++++ Records supplied ++++
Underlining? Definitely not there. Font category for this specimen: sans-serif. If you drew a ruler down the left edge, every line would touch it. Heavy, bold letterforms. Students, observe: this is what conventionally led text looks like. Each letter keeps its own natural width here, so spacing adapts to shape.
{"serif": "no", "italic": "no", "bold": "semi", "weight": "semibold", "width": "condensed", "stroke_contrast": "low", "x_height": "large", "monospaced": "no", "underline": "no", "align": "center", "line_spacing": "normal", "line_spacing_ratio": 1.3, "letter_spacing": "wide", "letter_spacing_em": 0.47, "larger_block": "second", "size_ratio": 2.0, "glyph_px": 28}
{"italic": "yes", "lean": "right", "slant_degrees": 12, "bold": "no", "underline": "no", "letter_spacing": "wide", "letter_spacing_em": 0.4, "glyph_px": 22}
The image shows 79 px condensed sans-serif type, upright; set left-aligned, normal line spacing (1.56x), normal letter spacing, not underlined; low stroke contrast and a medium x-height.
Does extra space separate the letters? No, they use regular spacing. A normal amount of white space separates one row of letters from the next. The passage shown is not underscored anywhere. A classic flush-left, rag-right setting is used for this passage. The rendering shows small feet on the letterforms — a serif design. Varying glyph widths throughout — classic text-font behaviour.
++++
++++ Records supplied ++++
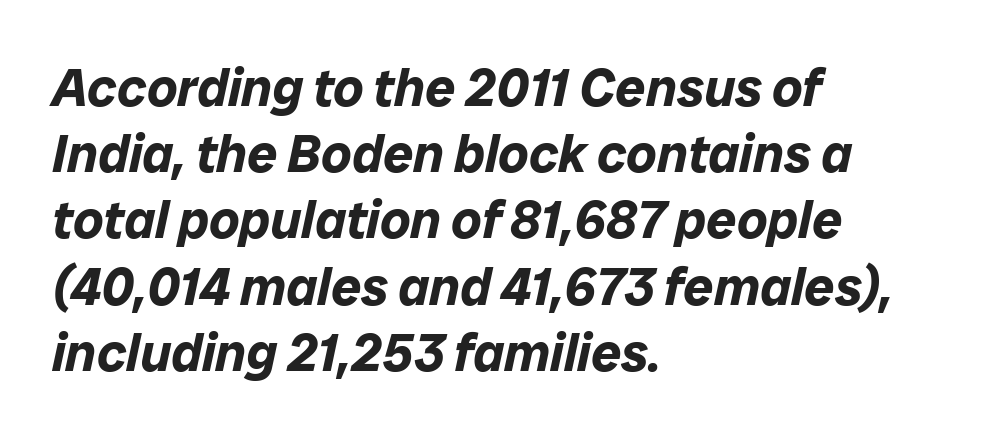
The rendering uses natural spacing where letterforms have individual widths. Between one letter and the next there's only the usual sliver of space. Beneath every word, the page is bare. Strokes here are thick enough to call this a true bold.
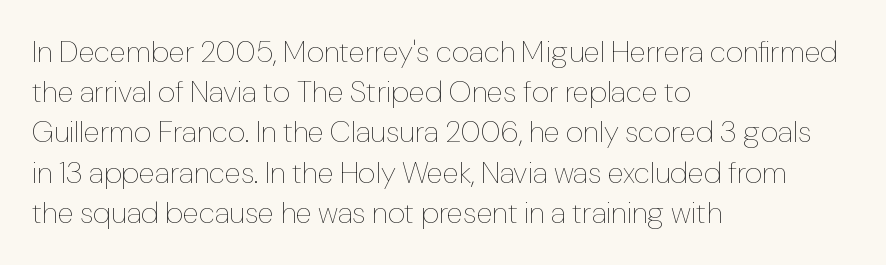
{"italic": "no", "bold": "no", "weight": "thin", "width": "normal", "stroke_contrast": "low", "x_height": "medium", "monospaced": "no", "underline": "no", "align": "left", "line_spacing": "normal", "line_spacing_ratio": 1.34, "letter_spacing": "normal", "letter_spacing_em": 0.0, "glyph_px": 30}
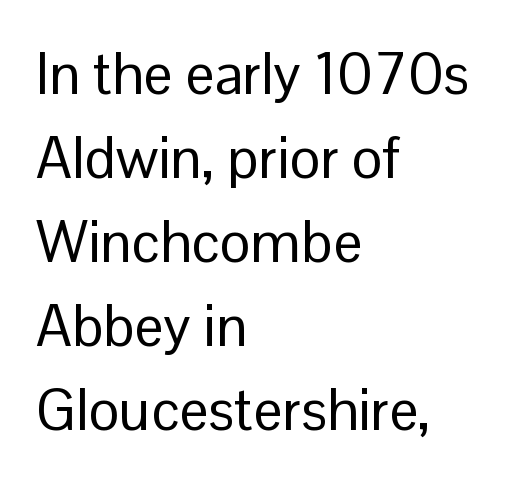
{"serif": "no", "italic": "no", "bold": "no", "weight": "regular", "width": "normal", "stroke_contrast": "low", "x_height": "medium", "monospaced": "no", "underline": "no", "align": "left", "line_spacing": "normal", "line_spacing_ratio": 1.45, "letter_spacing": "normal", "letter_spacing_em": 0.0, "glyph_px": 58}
++++
What to work on:
Filter the listing by the string "sans"; copy each matching line.

Reply to the exercise:
Underlining? Definitely not there. Font category for this specimen: sans-serif. If you drew a ruler down the left edge, every line would touch it. Heavy, bold letterforms. Students, observe: this is what conventionally led text looks like. Each letter keeps its own natural width here, so spacing adapts to shape.
The image shows 79 px condensed sans-serif type, upright; set left-aligned, normal line spacing (1.56x), normal letter spacing, not underlined; low stroke contrast and a medium x-height.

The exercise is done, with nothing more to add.